Stored data:
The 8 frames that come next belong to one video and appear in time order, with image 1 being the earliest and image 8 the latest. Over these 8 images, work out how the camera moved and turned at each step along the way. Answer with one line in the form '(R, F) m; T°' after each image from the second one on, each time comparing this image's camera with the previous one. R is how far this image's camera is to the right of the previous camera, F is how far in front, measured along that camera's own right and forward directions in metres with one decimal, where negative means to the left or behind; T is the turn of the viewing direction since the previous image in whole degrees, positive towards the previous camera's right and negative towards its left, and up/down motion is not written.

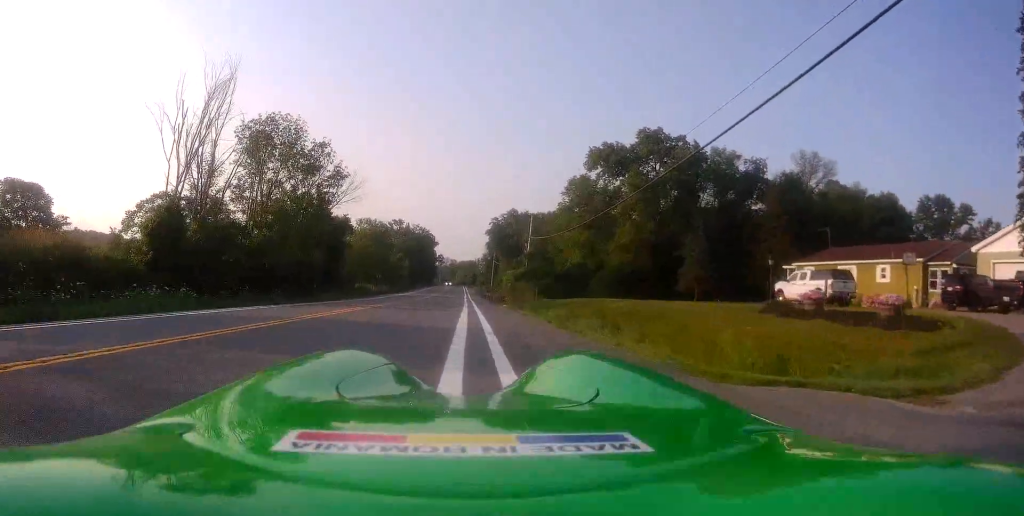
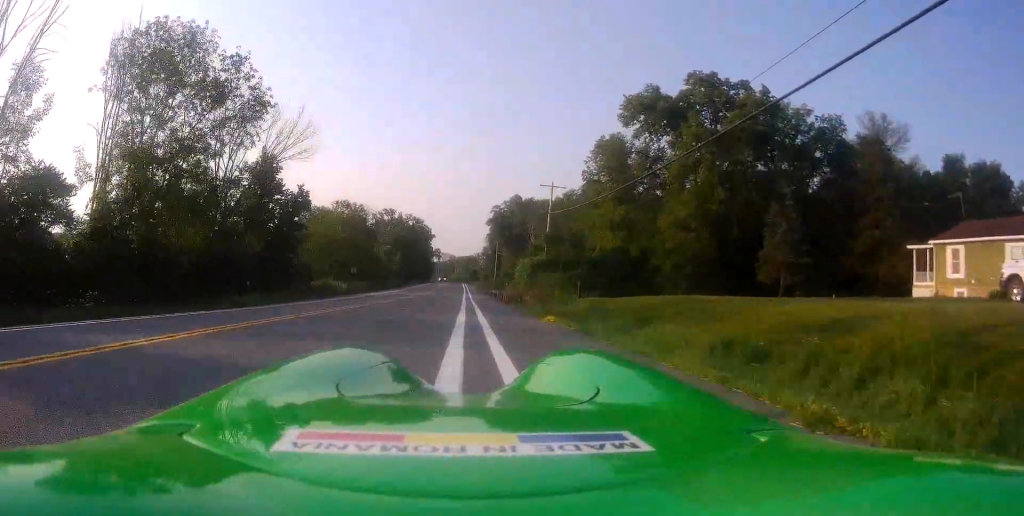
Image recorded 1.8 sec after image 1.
(0.0, +17.6) m; -5°
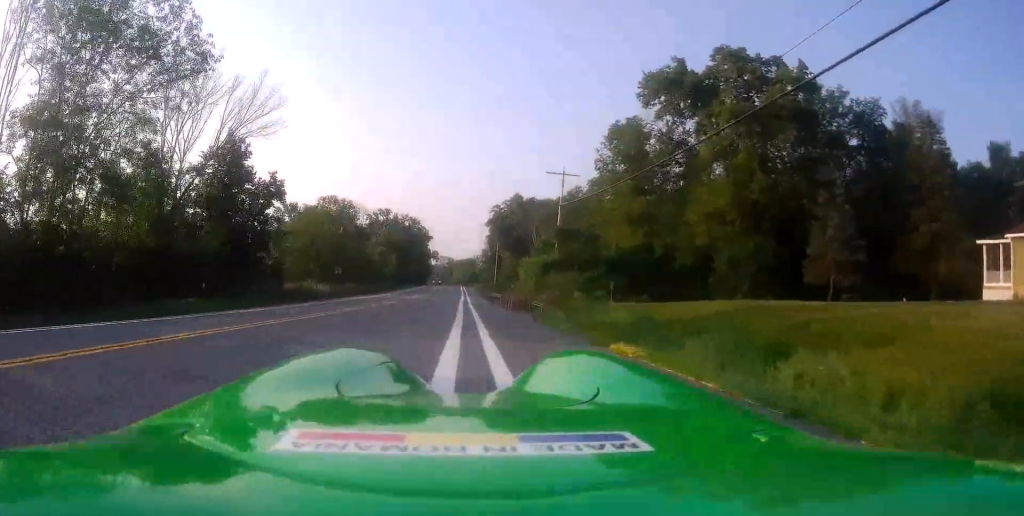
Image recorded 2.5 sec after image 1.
(-0.4, +6.9) m; -2°
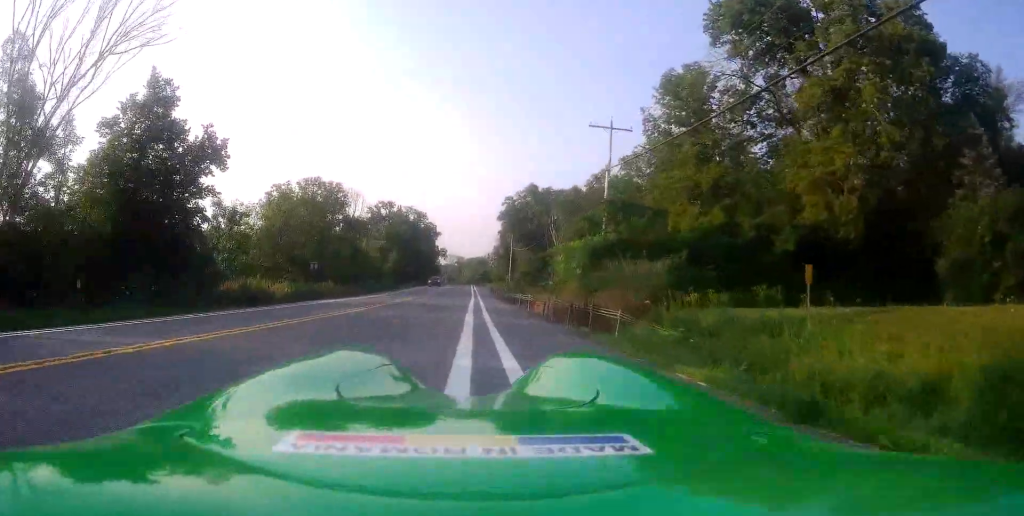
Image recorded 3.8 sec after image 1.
(-0.1, +12.5) m; +3°
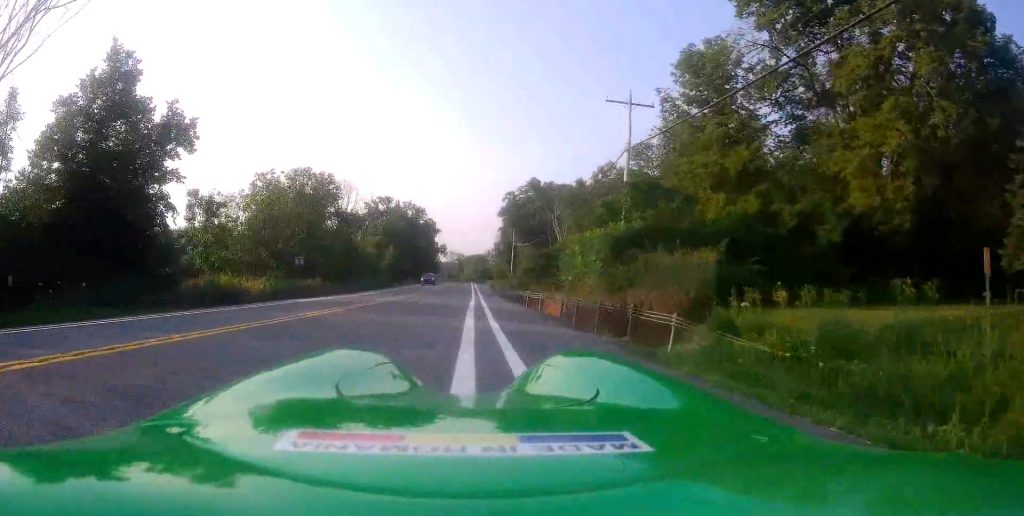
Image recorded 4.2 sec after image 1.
(+0.1, +4.3) m; +1°
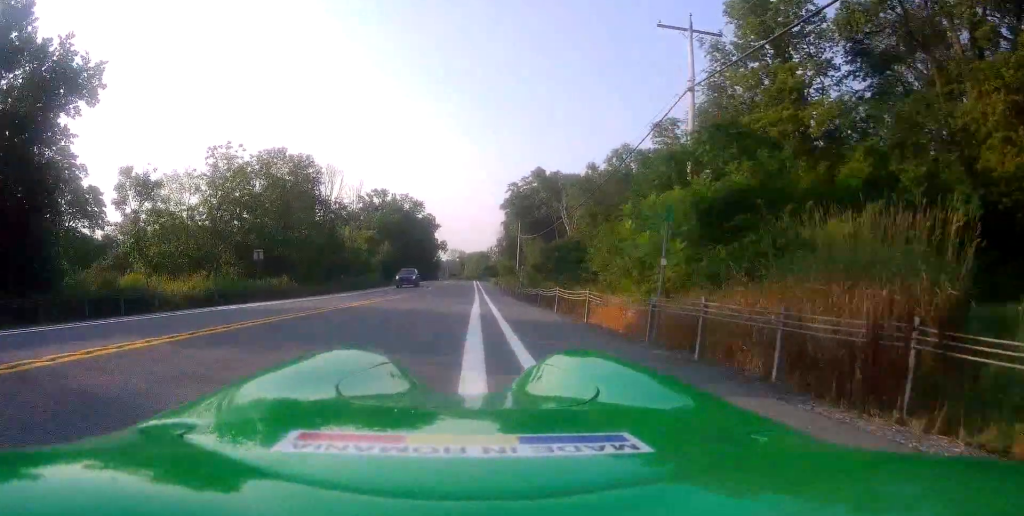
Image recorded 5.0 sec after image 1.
(+0.4, +8.7) m; 0°
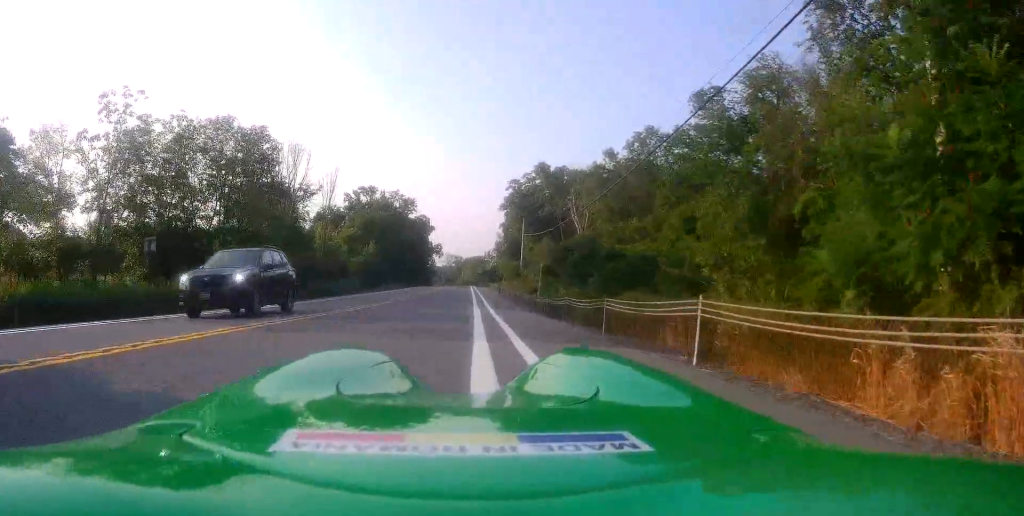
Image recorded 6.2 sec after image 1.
(-0.6, +12.1) m; -4°
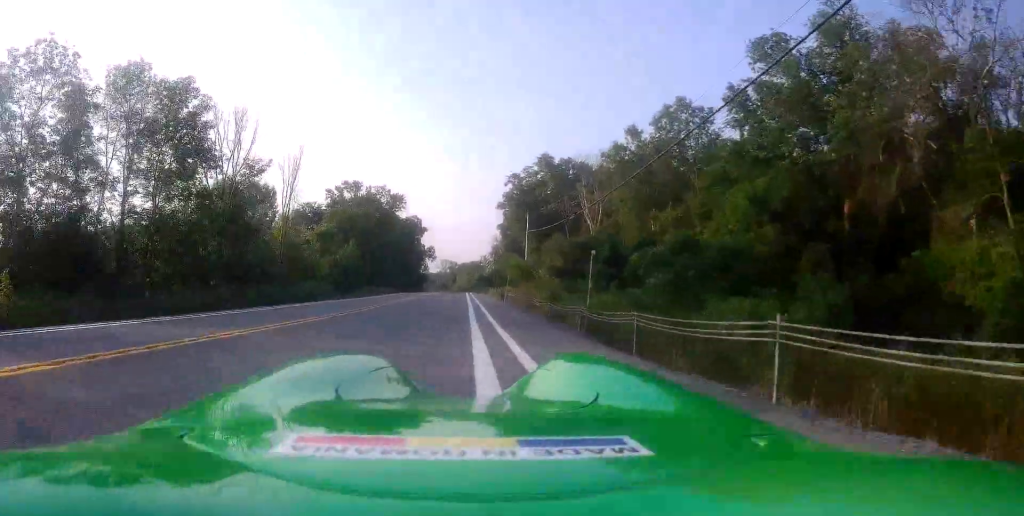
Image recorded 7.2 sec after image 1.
(-0.2, +11.7) m; +2°

* [ABOUT THIS EXERCISE] Write out, word for word, the line containing "Image recorded 4.2 sec after image 1." and each line after it to the end of the data, and nothing more. Drop the pictures.

* [ANSWER TO THIS EXERCISE]
Image recorded 4.2 sec after image 1.
(+0.1, +4.3) m; +1°
Image recorded 5.0 sec after image 1.
(+0.4, +8.7) m; 0°
Image recorded 6.2 sec after image 1.
(-0.6, +12.1) m; -4°
Image recorded 7.2 sec after image 1.
(-0.2, +11.7) m; +2°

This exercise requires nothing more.